***** Records for the exercise *****

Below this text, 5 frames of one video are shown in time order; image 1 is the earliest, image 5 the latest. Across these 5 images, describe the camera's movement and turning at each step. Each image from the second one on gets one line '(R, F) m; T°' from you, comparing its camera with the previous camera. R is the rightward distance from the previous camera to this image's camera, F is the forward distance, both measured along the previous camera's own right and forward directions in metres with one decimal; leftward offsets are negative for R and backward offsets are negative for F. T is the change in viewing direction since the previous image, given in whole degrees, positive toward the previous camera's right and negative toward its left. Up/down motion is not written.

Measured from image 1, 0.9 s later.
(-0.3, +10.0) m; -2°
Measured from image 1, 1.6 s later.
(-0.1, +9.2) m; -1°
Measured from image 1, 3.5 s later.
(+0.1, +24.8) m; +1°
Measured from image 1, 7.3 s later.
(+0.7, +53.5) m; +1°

*****
***** Records for the exercise *****

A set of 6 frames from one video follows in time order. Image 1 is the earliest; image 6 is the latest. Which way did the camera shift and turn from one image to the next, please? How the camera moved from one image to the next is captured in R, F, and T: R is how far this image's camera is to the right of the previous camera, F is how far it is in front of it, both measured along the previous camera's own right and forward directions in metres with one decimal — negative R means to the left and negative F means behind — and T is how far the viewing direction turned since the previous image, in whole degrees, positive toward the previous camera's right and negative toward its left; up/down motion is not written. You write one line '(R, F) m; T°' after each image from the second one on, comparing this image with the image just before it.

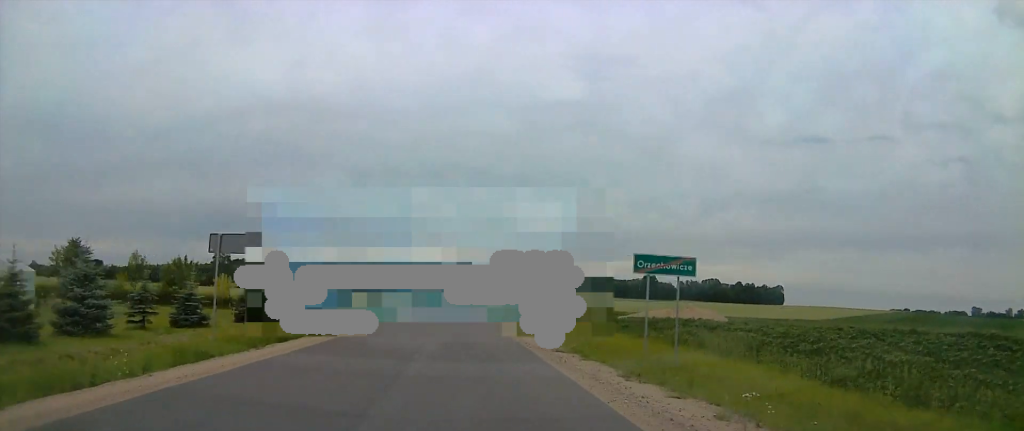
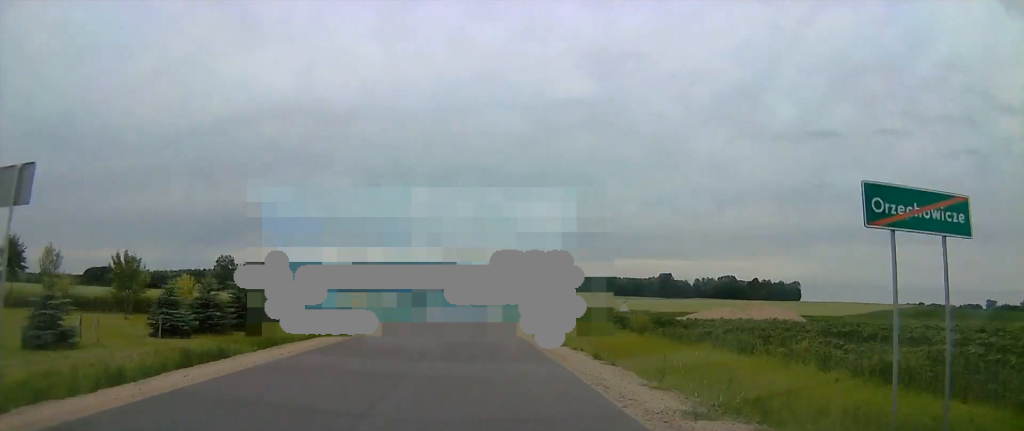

*****

> What needs to be done: Report how many lines of the entries above contain "direction", and give no other output.

> Completed exercise: 2